With wind generation one of the fastest-growing renewable energy sectors in the world, Flinders University experts are using machine learning and other signal processing techniques to characterise annoying noise features from wind farms.
Two new publications from the ongoing Wind Farm Noise Study take another step towards improving wind turbine noise assessment methods, guidelines and wind turbine design to make wind energy more acceptable to surrounding communities.
The new studies find that night-time ‘swoosh’ sound – technical referred to as ‘amplitude modulation’ (AM) – from wind turbines is likely to be heard by neighbouring residents up to five times more often than during day-light hours, depending on wind direction, season and wind farm distance.

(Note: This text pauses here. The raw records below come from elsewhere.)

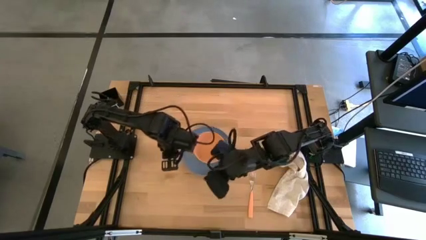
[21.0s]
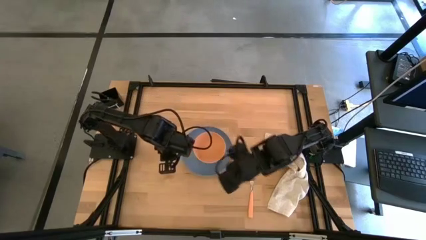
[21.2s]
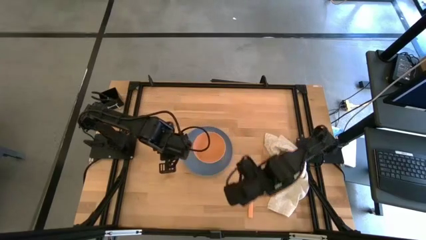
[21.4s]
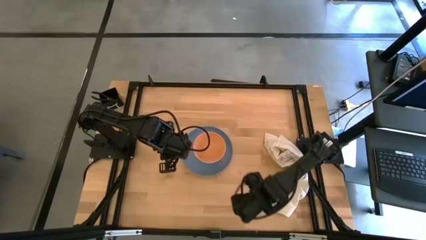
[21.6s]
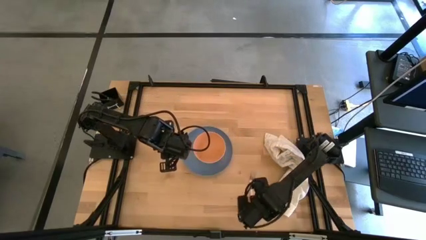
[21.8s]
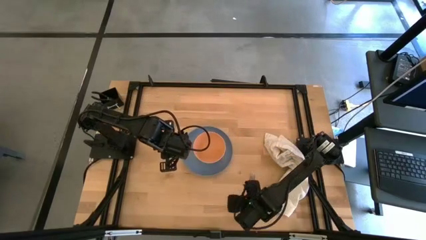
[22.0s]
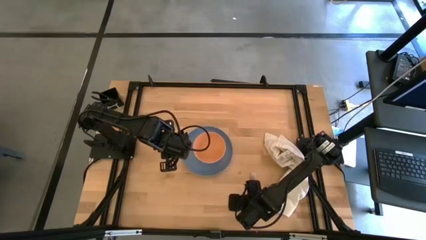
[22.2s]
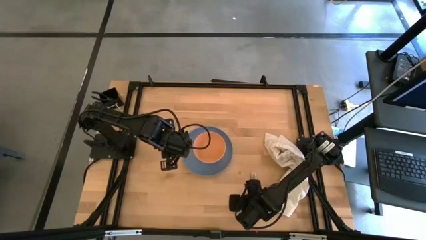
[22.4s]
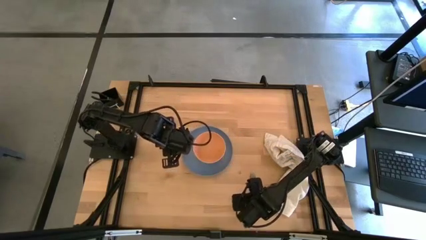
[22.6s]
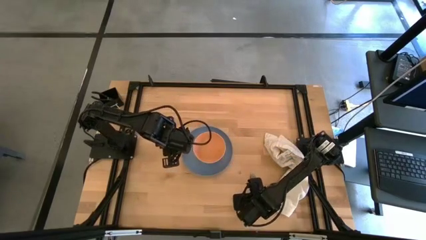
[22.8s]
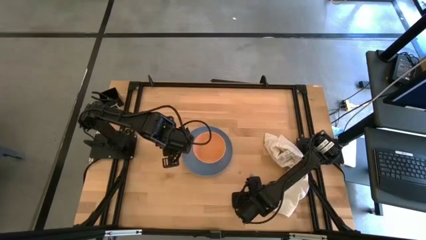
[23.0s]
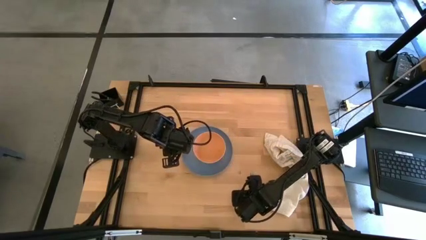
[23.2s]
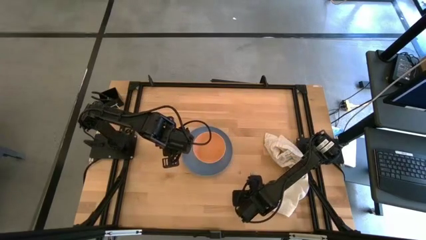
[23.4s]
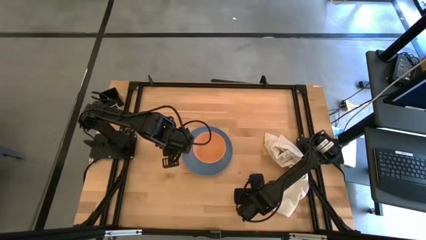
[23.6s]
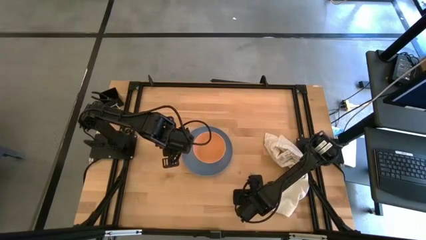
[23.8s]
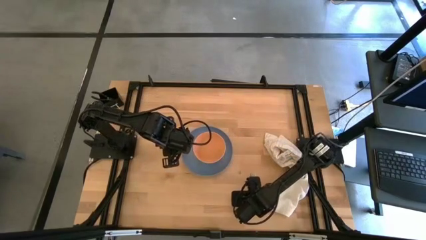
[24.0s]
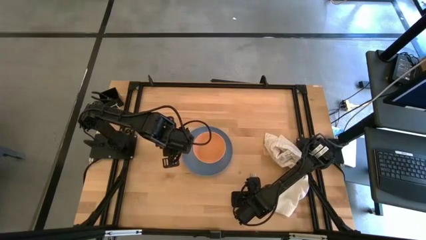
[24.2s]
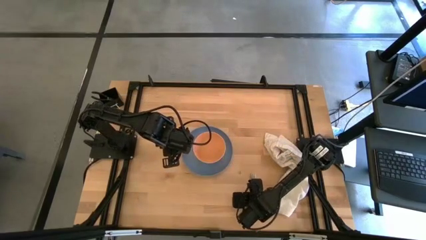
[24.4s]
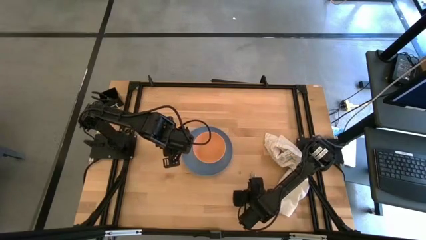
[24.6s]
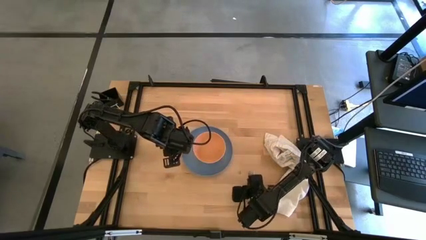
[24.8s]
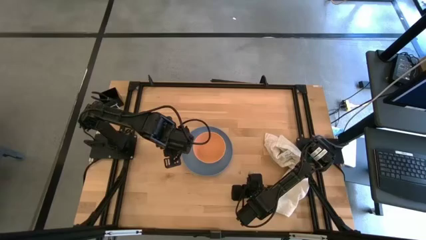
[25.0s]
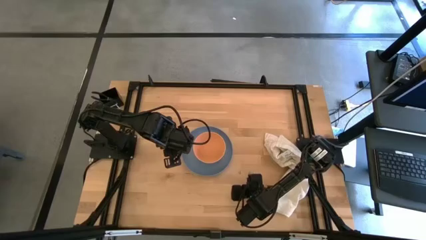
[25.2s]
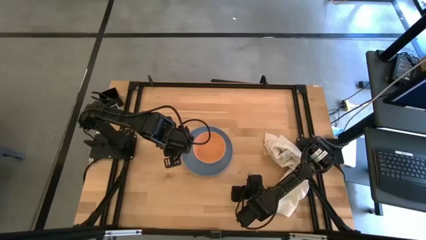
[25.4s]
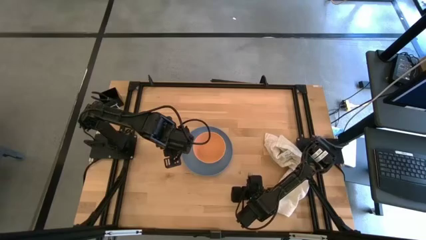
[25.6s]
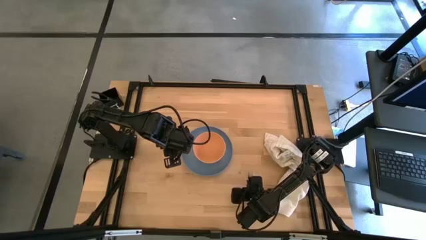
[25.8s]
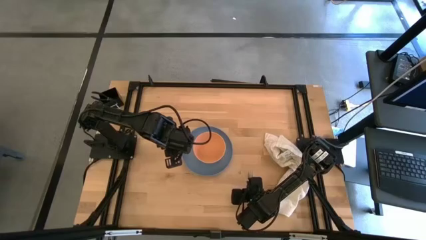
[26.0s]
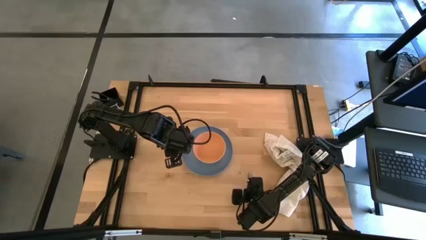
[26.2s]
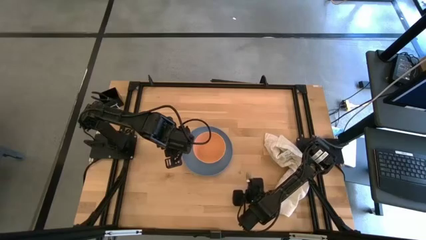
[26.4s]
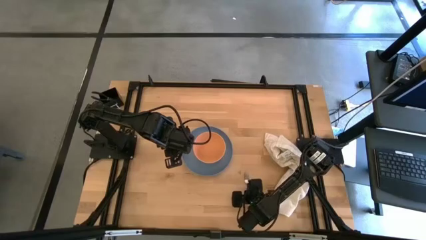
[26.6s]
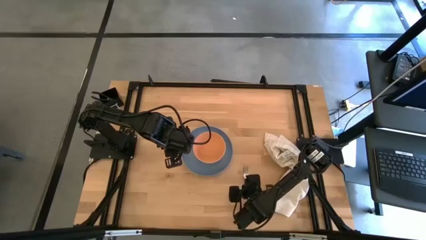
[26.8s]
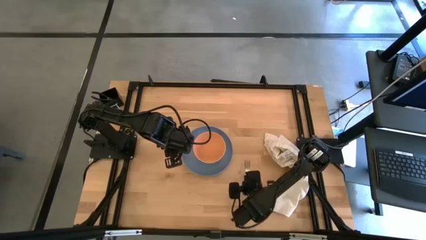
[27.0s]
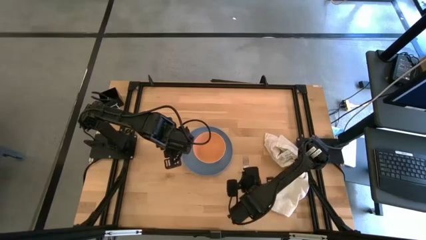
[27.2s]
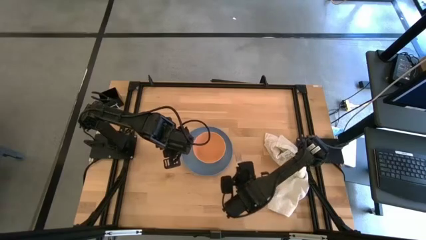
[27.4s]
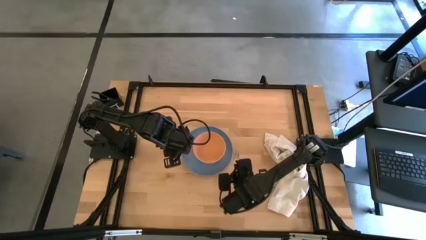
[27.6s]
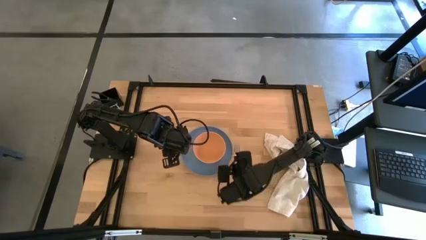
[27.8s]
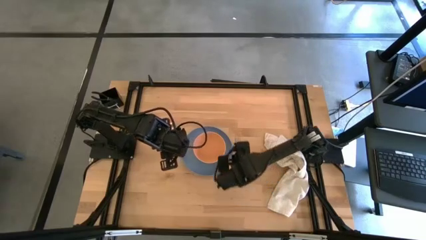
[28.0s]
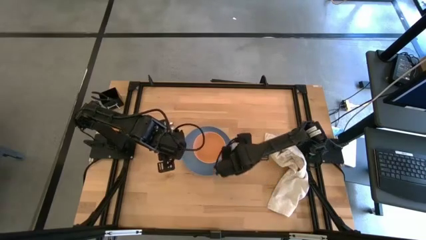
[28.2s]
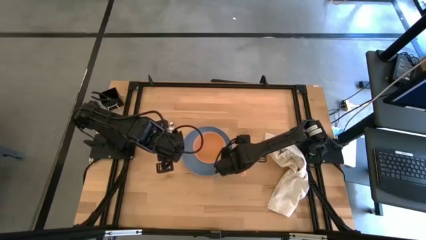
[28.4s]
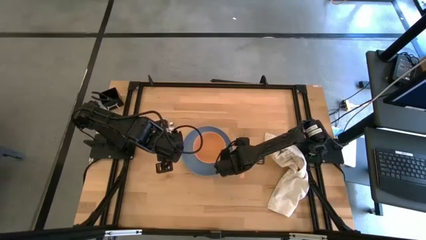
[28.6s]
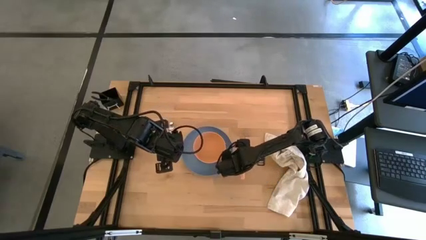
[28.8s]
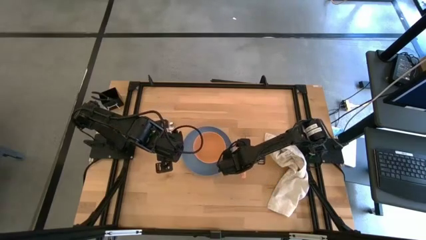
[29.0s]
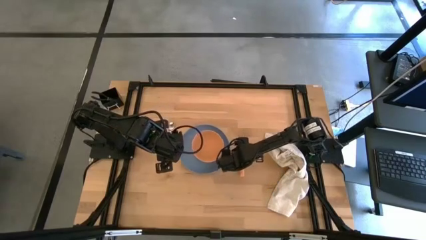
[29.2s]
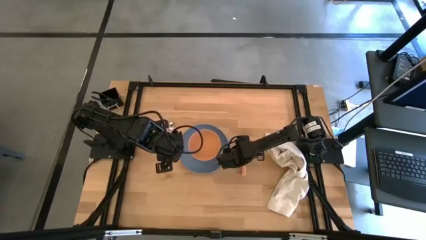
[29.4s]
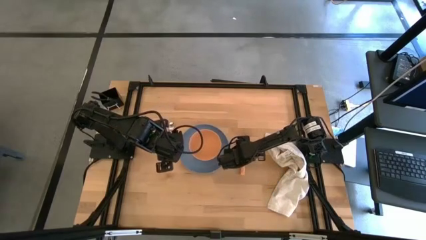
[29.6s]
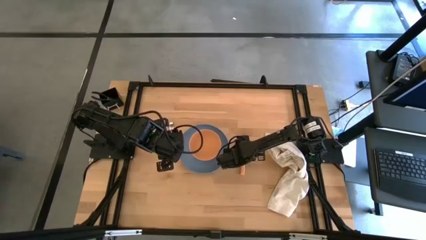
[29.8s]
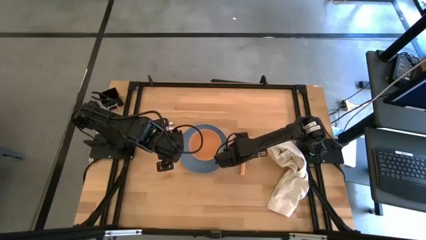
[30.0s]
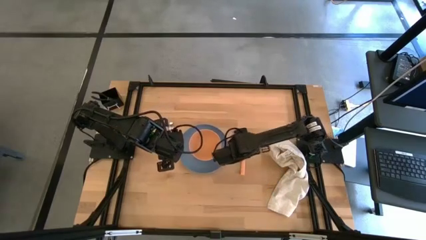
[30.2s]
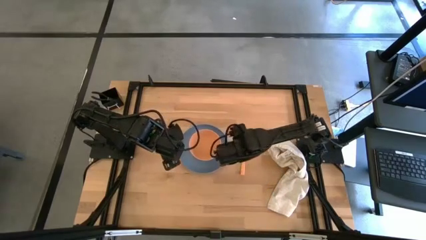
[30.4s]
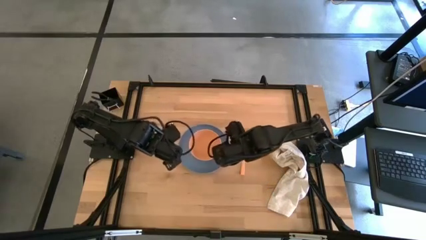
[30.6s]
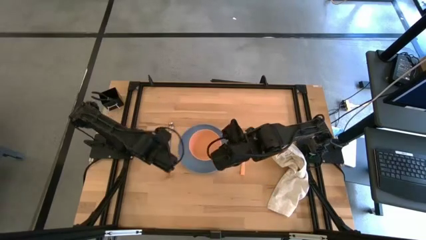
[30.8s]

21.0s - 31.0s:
Task: Set table place
Place the purple spoon into the orange bowl

For the first time, the research led by Flinders University PhD candidate Duc Phuc (‘Phuc’) Nguyen and acoustic expert Dr Kristy Hansen has combined long-term monitoring of wind farm noise with machine learning and available knowledge to quantify and characterise AM in wind turbine noise.
“We found that the amount of amplitude modulation present during the daytime versus night-time varies substantially occurring two to five times more often during the night-time compared to the daytime,” says Mr Nguyen.
“The noise seems to worsen after sunset when amplitude modulation can be detected for up to 60% of the night-time at distances around 1 km from a wind farm.
“At greater than 3 km, amplitude modulation also occurs for up to 30% of the night-time.”
The Wind Farm Noise Study, based at the Adelaide Institute for Sleep health at Flinders University, is investigating noise characteristics and sleep disturbances at residences located near wind farms. The association between wind turbine noise and adverse effects on humans is an ongoing debate.
Dr Hansen says the directional nature of wind turbine noise means residents living in downwind and crosswind conditions are likely to be more disturbed by wind turbines.
“We found that AM occurs most often during these wind directions,” she says. “Using these recent advances in machine learning, we have been able to develop an AM detection method that has a predictive power close to the practical limit set by a human listener”.
“This includes the noise that increases and decreases as the blades rotate, or AM, including a ‘swoosh’ sound, which further contributes to the negative effects of wind turbine noise.
“These studies advance our ability to measure and monitor the noise from wind turbines that is likely to be more annoying that other noise types at the same level.”
One paper, Long-term quantification and characterisation of wind farm noise amplitude modulation (2021), by Phuc D Nguyen, Kristy L Hansen, Peter Catcheside, Colin H Hansen and Branko Zajamsek has been published in Measurement DOI: 10.1016/j.measurement.2021.109678
And Benchmark characterisation and automated detection of wind farm noise amplitude modulation (2021) by PD Nguyen, KL Hansen, B Lechat, P Catcheside, B Zajamsek and CH Hansen, has been published in Applied Acoustics (Elsevier) DOI: 10.1016/j.apacoust.2021.108286
Acknowledgements: The studies were funded by the Australian Government NHMRC (project grant 1113571) and Australian Research Council grants DP120102185 and DE180100022.